Kang Hwagil (born 1986) is a South Korean writer and feminist who writes primarily about women, often using unreliable narrators. Her writing is influenced by gothic romance and thrillers written by women in the 19th century. She is a recipient of the Munhakdongne Young Writers’ Award (2017) and the Hankyoreh Literary Award (2017).

==Life==
Kang Hwagil was born in Jeonju, North Jeolla Province, South Korea, in 1986. As an introverted child, she enjoyed reading, and entered multiple writing contests as a teenager. She attended Jeonbuk National University, and was active in a literary review club she joined due to her frustration with the lack of available creative writing classes. After taking a semester off from university to focus on writing, she graduated with a degree in Korean literature, and enrolled in a graduate program for writing at the Korea National University of Arts.

Her literary debut was in 2012 with the short story "Room" (방, "Bang").

==Writing==
Kang Hwagil was influenced by the works of 19th-century Western women writers, including the Brontë sisters and Mary Shelley, and has described herself as being particularly interested in gothic romance and thriller narratives. Her fiction often pays homage to the typical style and atmosphere found in mysteries and thrillers. Kang has expressed her admiration for the works of Shirley Jackson in particular, even quoting her in the afterword for A Good Person (괜찮은 사람, 2016). The quote was from a time when Jackson was being emotionally abused by her husband, connecting the themes of women's liberation to Kang's book.

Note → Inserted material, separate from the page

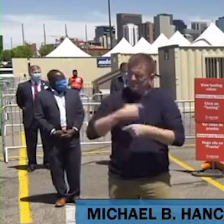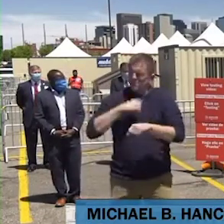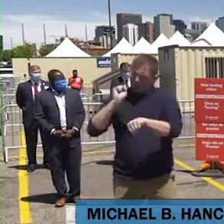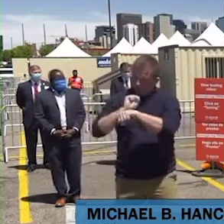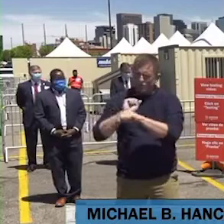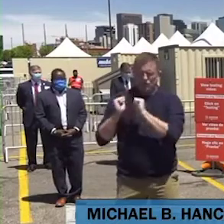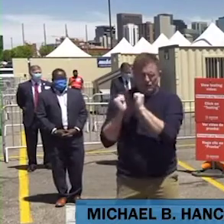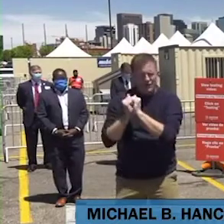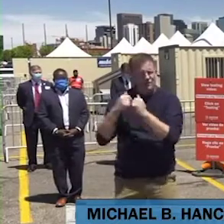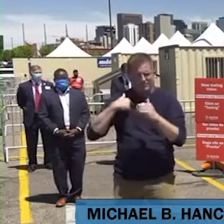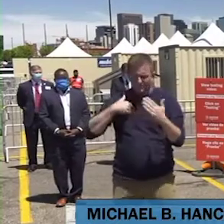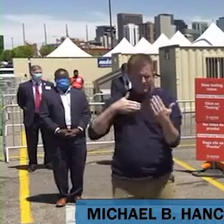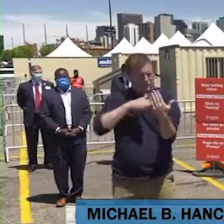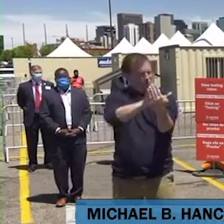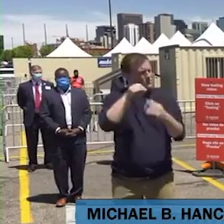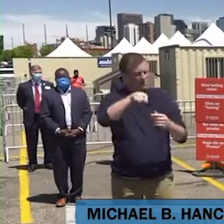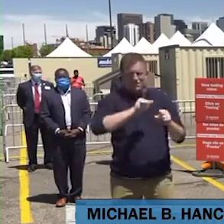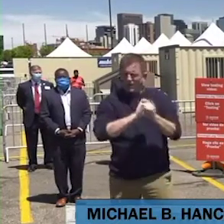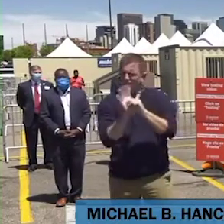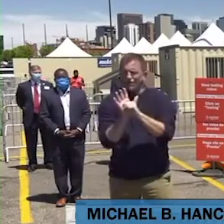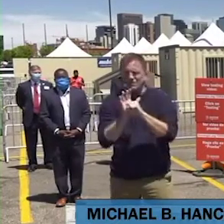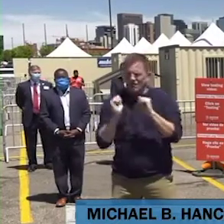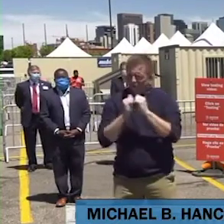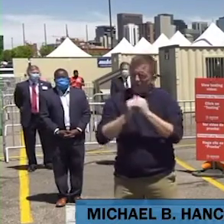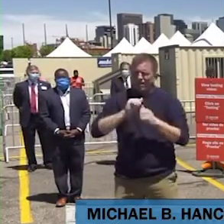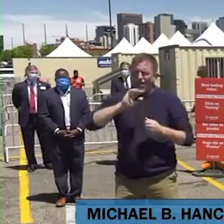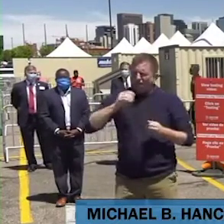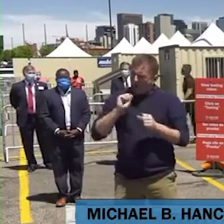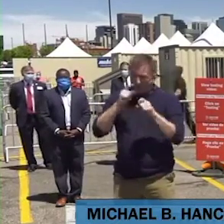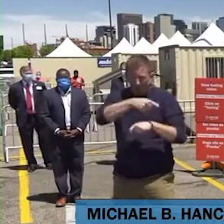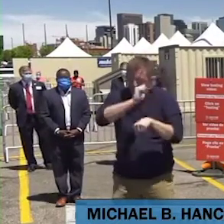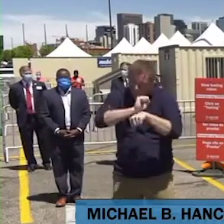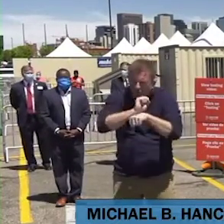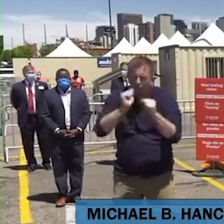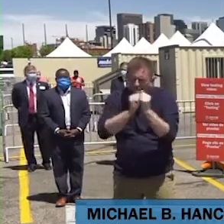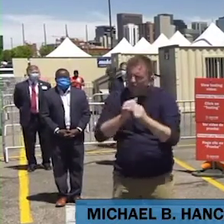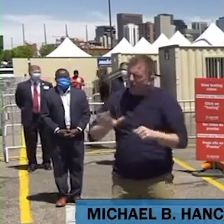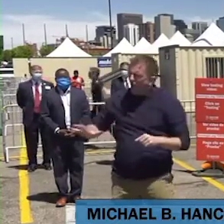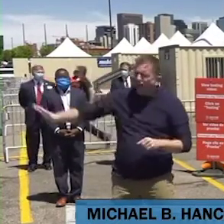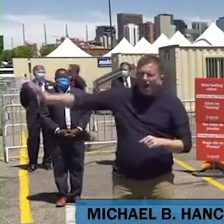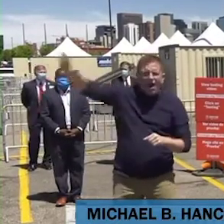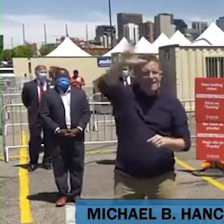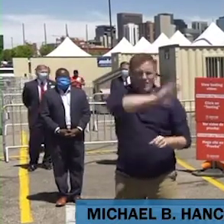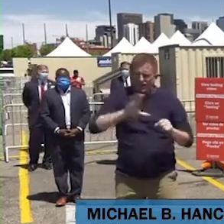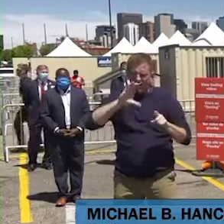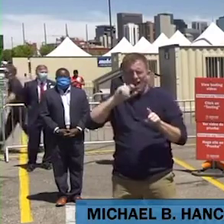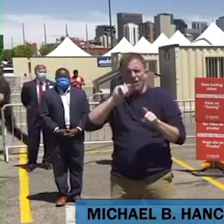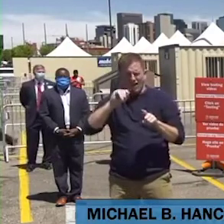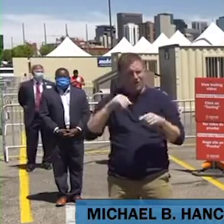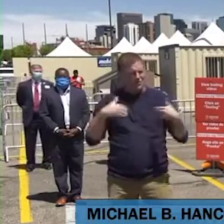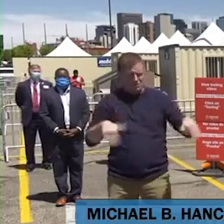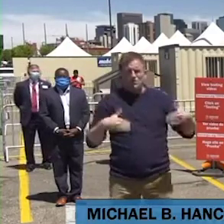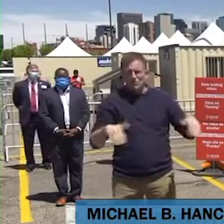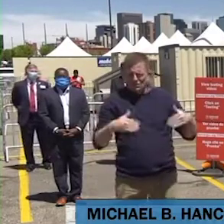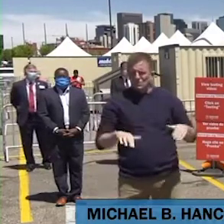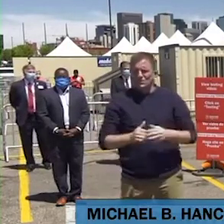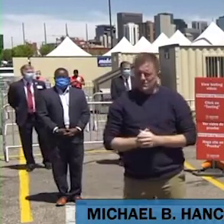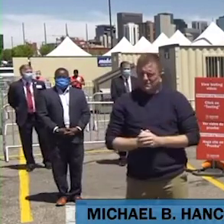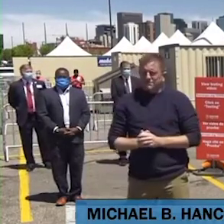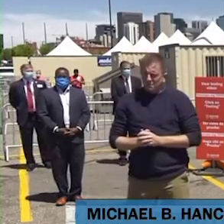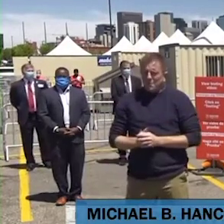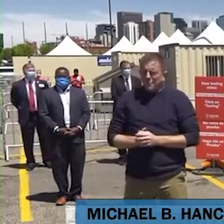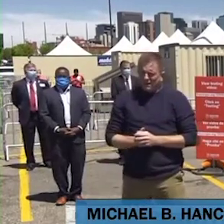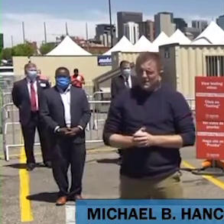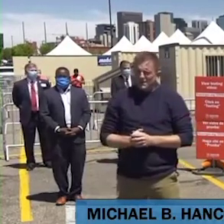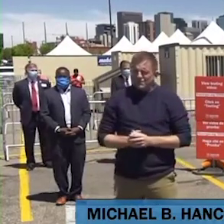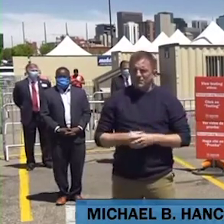y los condados en Colorado. Y cuando nuestra reapertura por etapas continúa, es muy importante que todos entiendan que
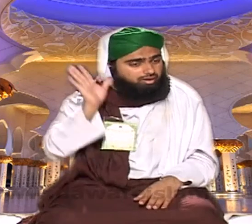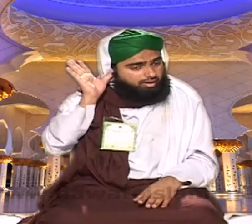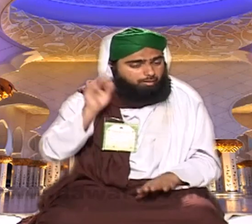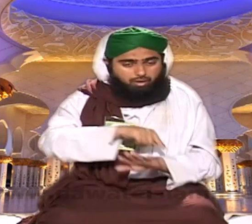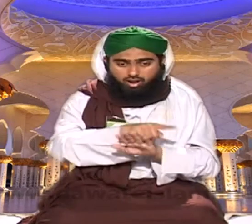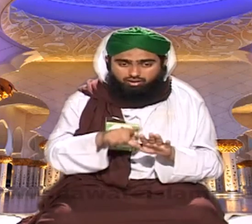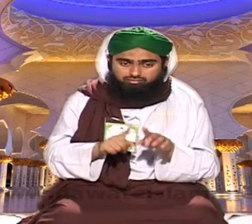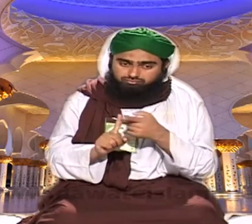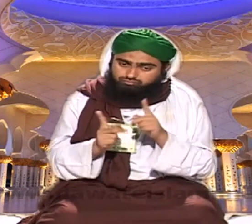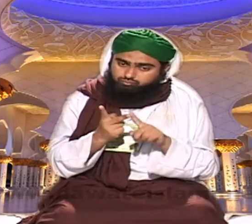کرنا ہی نا

Kang's writing typically involves unreliable narration, along with other techniques used to create an environment of anxiety and fear. Since the majority of Kang's protagonists are women, the situations they experience tend to be real-life events women encounter.

===Young Feminists===
Kang Hwagil is part of a group of younger Korean women writers known as "Young Feminists", born in the 1990s or 2000s, in contrast to the previous generation of Korean women writers. The primary difference between the two generations is in regards to the portrayal of women in their stories; while the previous generation would typically allude to violence against women in their writing, the younger generation explicitly portrays women as political agents, actively fighting against violence against women through their literature. Apart from Kang, other "Young Feminists" include the writers Choi Eunyoung, Cho Nam-ju, and Park Min-jung.

Kang's writing consistently about women's issues have resulted in her being described as a feminist writer, particularly in regards to stories such as A Good Person (괜찮은 사람, 2016) and A Different Person (다른 사람, 2017). Kang has stated that, although she feels women's issues are important and that she is obligated to write about them, she is careful not to make them the sole focus of her work, explaining that many people have warned her since her debut about the possibility of being stereotyped as a female writer who writes only about women. Kang, however, believes that self-regulation or self-censorship out of fear of being stereotyped as such will only result in limiting the discussion of women's issues to "personal problems".

==Works==
===Works in Korean===
Short story collections
- A Good Person (괜찮은 사람, 2016) ISBN 978-8-954-64302-3
- We Loved (우리는 사랑했다, 2018) ISBN 979-1-155-35135-2

Novels
- A Different Person (다른 사람, 2017) ISBN 979-1-160-40093-9, English translation Another Person, Claire Richards, 2023, Pushkin Press, London, ISBN 9781782279358

Short stories
- "Room" (방, 2012)
- "A Good Person" (괜찮은 사람)
- "Nikola Kindergarten - A Precious Person (니꼴라 유치원-귀한 사람)
- "Lake - Other People" (호수-다른 사람)
- "Demon" (손)
- "Seo-u" (서우, 2018)

In anthologies
- "Imperial Princess" (황녀), in Everyday We (우리는 날마다, 2018) ISBN 979-1-196-00816-1
- "Camila" (카밀라), in Don't Stop Loving (사랑을 멈추지 말아요, 2018) ISBN 979-1-196-43811-1
- "Not Forgotten, Even in Dreams" (꿈엔들 잊힐 리야), in Melancholy Happy Ending (멜랑콜리 해피엔딩, 2019) ISBN 979-1-160-26127-1

===Works in English===
- Seo-u (서우) (ASIA Publishers, 2018), translated by Stella Kim ISBN 979-1-156-62376-2
- Demons (손) (Strangers Press, 2019), translated by Mattho Mandersloot ISBN 978-1-911-34364-6

==Awards==
- Munhakdongne Young Writers’ Award (2017)
- Hankyoreh Literary Award (2017) (for Dareun saram)
- Ku Sang Literature Prize for Young Writers (2018) (for Seo-u)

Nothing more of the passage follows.